ACTIVITY:
Word for word, copy the data that follows and skip its pictures.

DATA EXTRACT:
------------------------------------------------------------------------
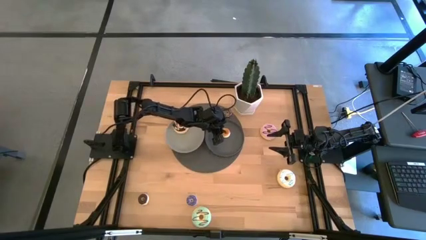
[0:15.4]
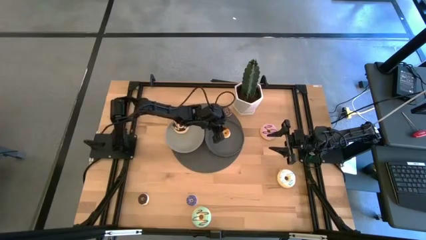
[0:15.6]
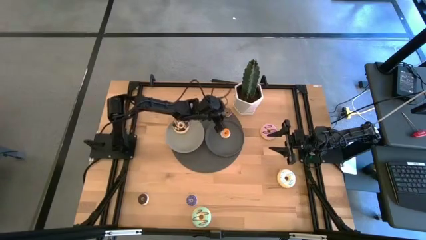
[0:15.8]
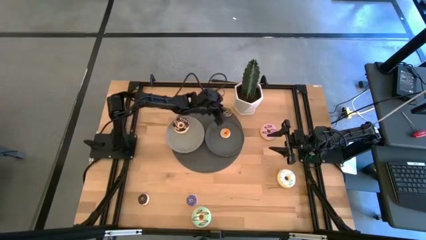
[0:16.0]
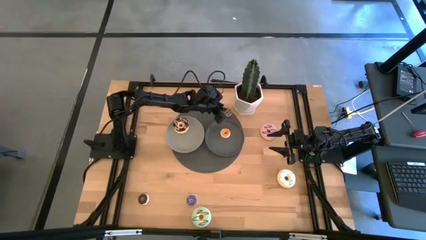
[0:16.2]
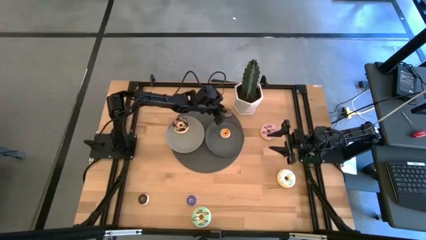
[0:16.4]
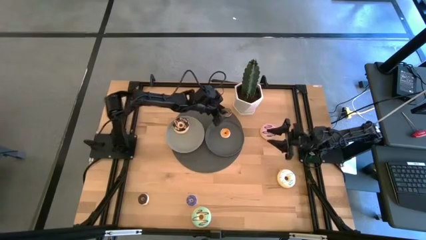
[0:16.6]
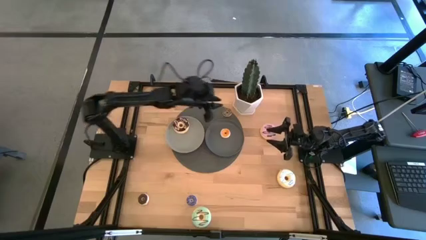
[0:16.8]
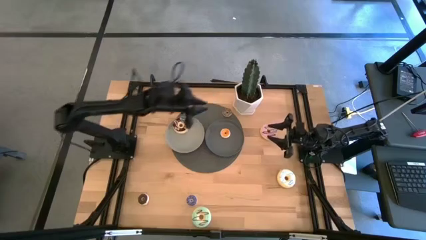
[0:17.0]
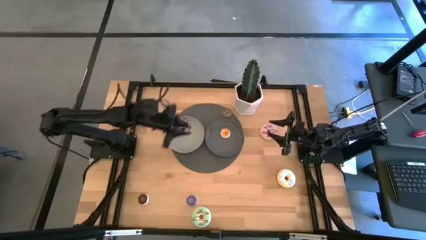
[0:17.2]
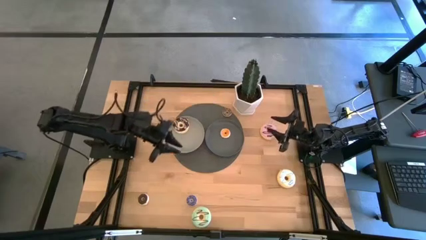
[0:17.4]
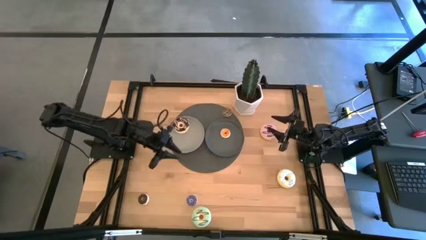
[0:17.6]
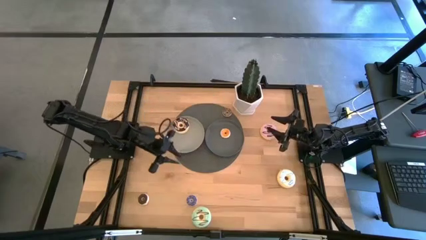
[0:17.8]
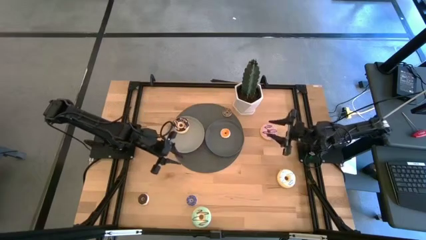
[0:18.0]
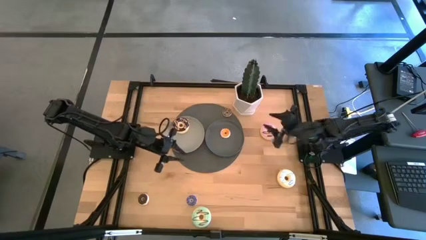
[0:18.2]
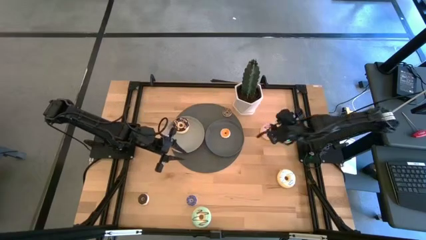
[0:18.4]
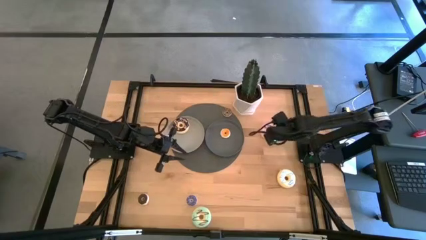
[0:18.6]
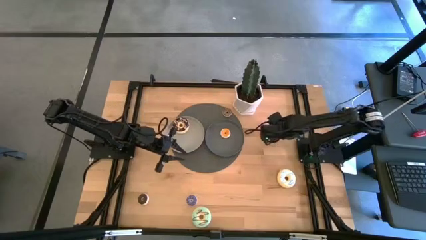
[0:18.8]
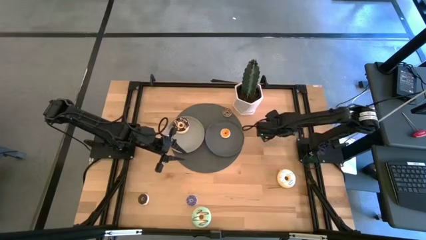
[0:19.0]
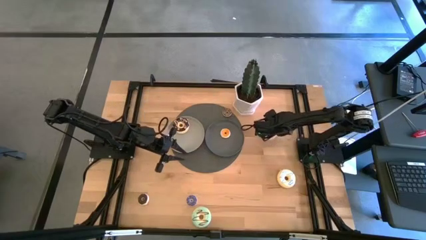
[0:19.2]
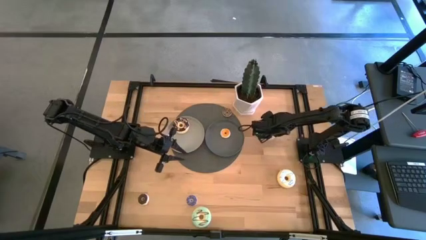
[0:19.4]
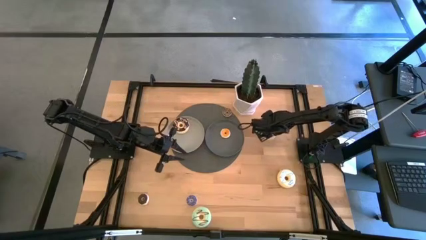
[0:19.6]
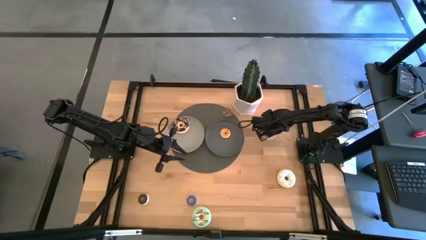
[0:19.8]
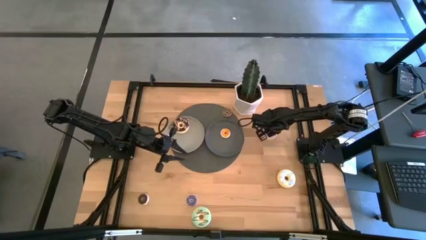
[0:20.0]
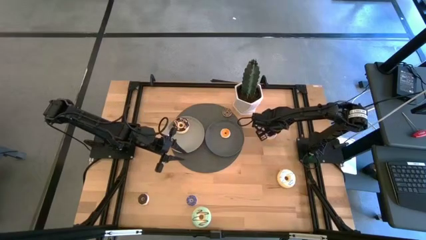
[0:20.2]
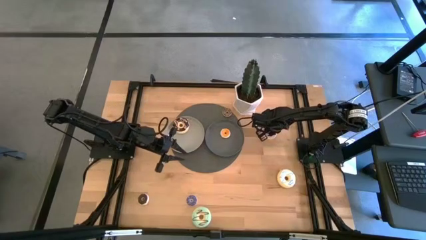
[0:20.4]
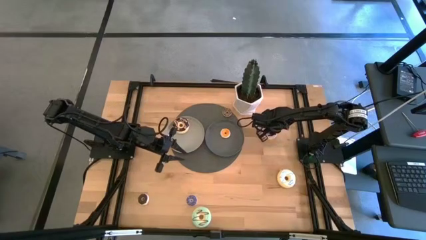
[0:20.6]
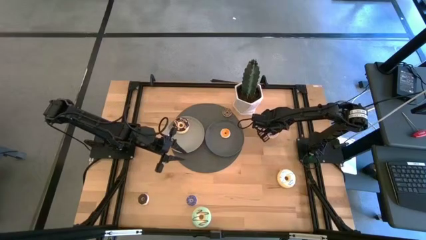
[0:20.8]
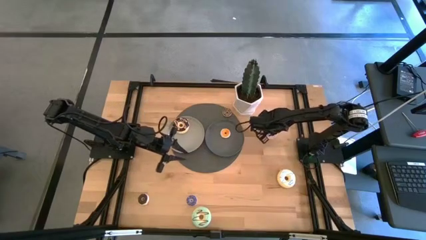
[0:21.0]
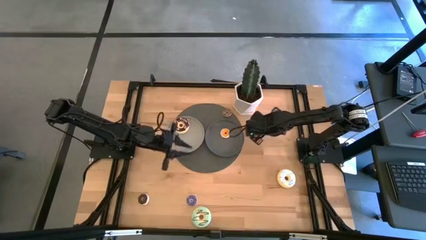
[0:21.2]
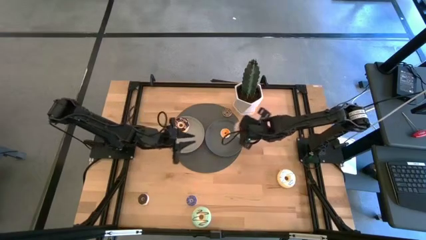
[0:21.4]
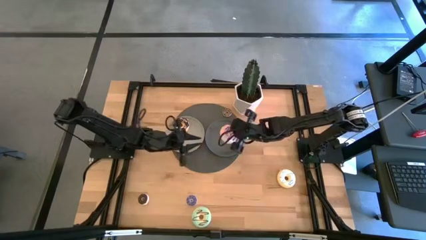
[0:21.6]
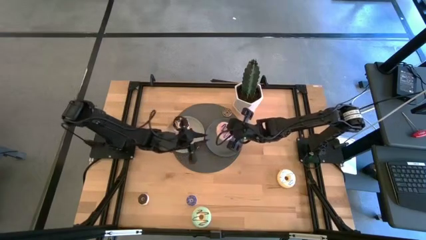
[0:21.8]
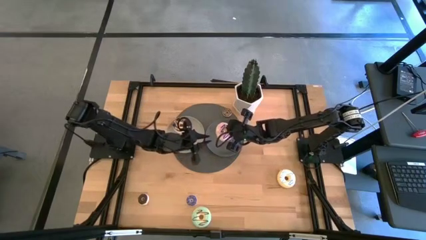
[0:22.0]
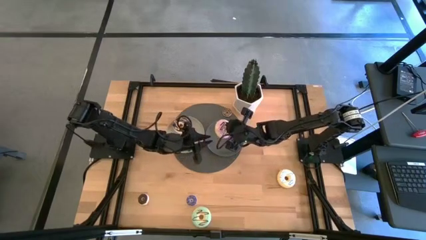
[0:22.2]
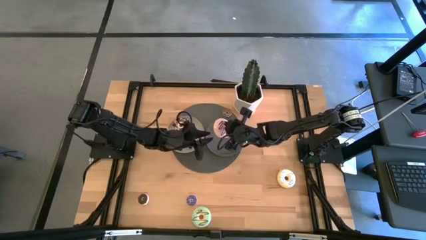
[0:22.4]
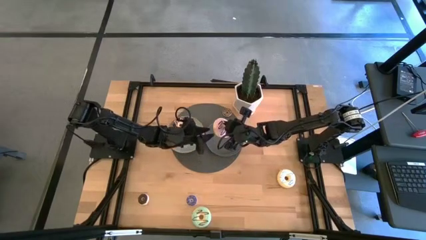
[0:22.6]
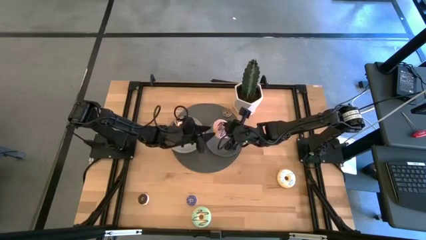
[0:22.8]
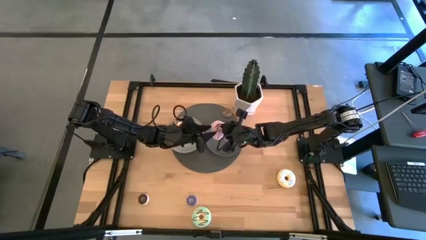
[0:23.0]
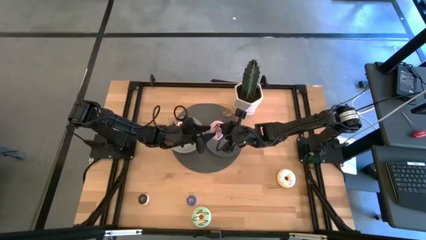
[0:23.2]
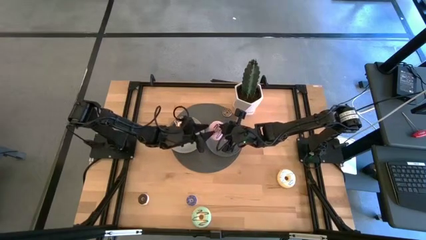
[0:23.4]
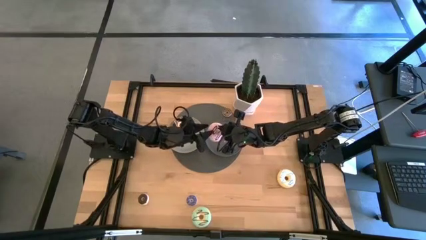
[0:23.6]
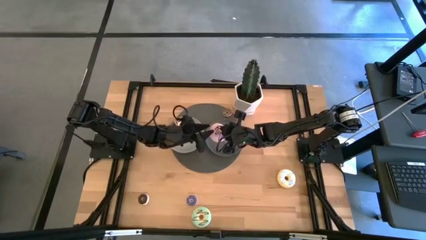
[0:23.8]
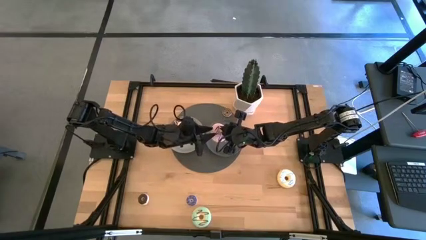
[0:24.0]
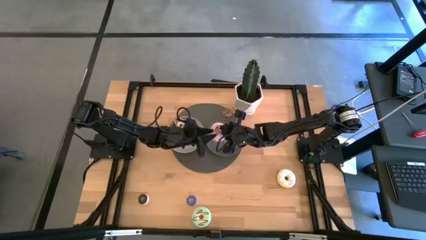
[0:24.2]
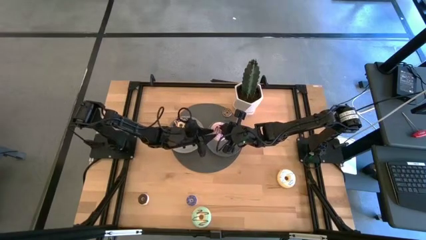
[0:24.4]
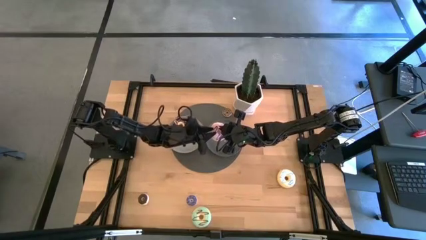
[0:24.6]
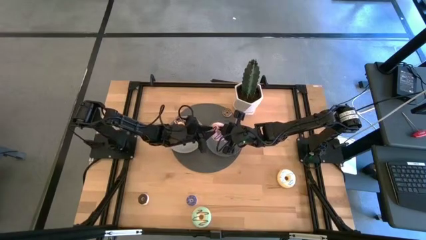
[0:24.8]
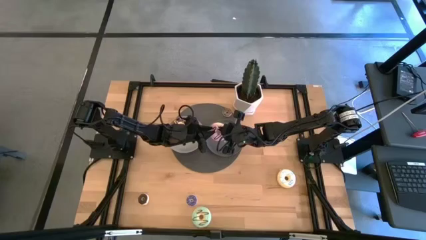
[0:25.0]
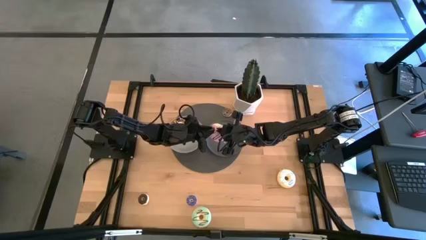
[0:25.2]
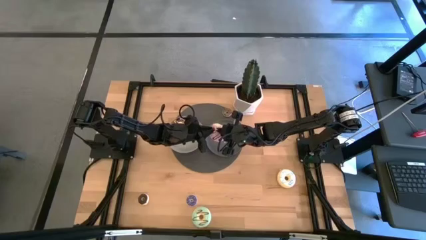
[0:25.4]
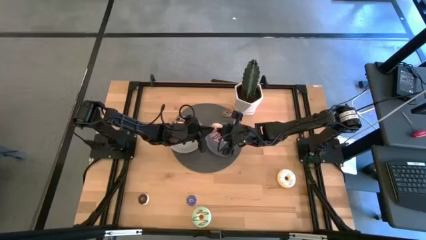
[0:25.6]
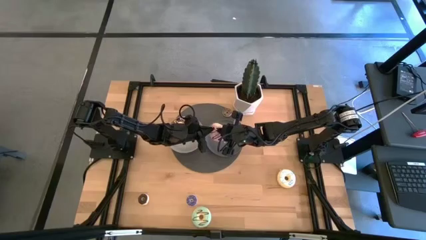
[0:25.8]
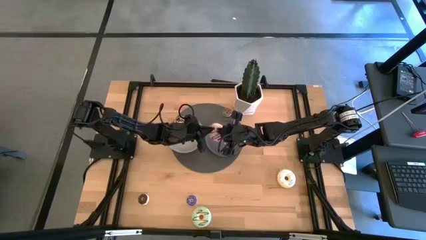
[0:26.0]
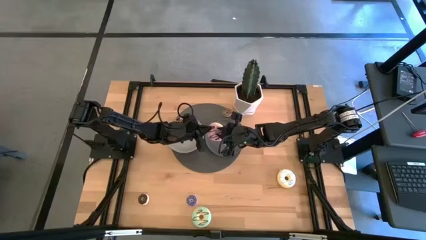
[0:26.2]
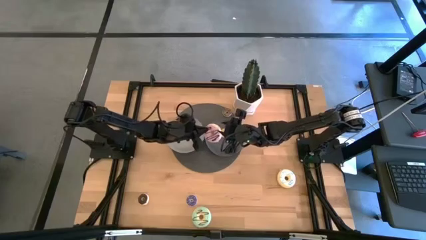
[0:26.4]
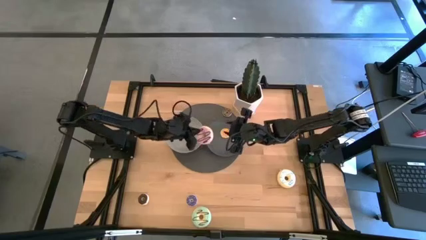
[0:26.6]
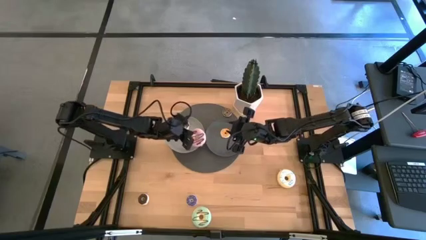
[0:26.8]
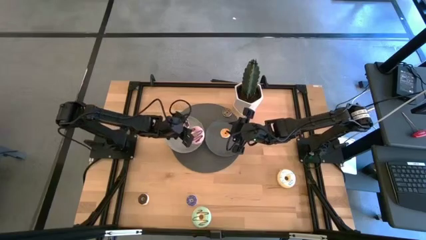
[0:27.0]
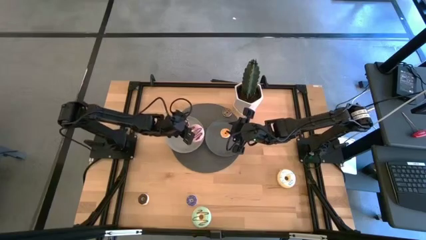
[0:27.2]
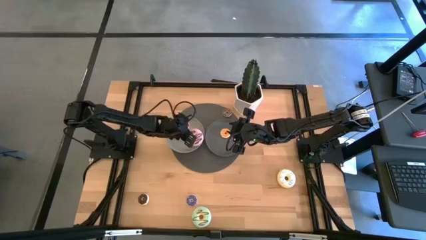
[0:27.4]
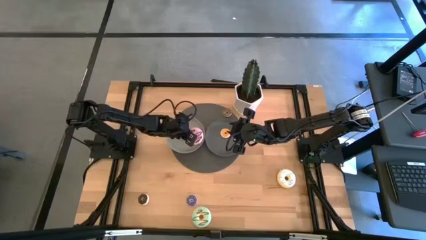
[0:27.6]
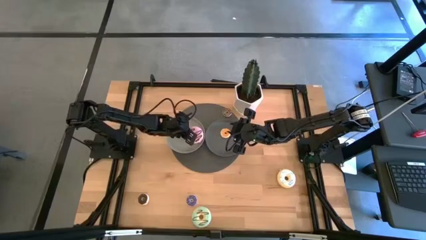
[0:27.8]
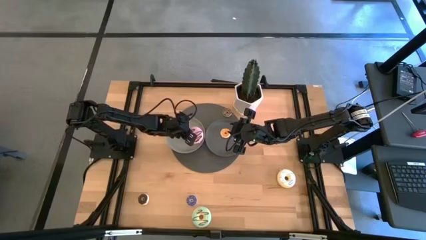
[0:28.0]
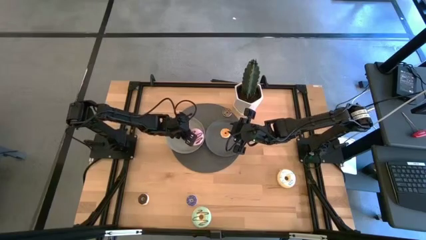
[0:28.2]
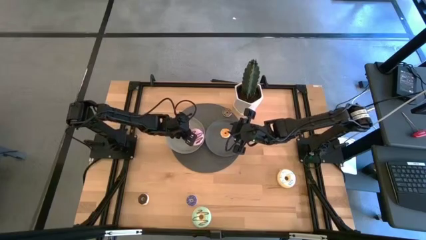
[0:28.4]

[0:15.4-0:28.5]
------------------------------------------------------------------------
WRITTEN SOLUTION:
[0:15.4]
[0:15.6]
[0:15.8]
[0:16.0]
[0:16.2]
[0:16.4]
[0:16.6]
[0:16.8]
[0:17.0]
[0:17.2]
[0:17.4]
[0:17.6]
[0:17.8]
[0:18.0]
[0:18.2]
[0:18.4]
[0:18.6]
[0:18.8]
[0:19.0]
[0:19.2]
[0:19.4]
[0:19.6]
[0:19.8]
[0:20.0]
[0:20.2]
[0:20.4]
[0:20.6]
[0:20.8]
[0:21.0]
[0:21.2]
[0:21.4]
[0:21.6]
[0:21.8]
[0:22.0]
[0:22.2]
[0:22.4]
[0:22.6]
[0:22.8]
[0:23.0]
[0:23.2]
[0:23.4]
[0:23.6]
[0:23.8]
[0:24.0]
[0:24.2]
[0:24.4]
[0:24.6]
[0:24.8]
[0:25.0]
[0:25.2]
[0:25.4]
[0:25.6]
[0:25.8]
[0:26.0]
[0:26.2]
[0:26.4]
[0:26.6]
[0:26.8]
[0:27.0]
[0:27.2]
[0:27.4]
[0:27.6]
[0:27.8]
[0:28.0]
[0:28.2]
[0:28.4]

[0:15.4-0:28.5]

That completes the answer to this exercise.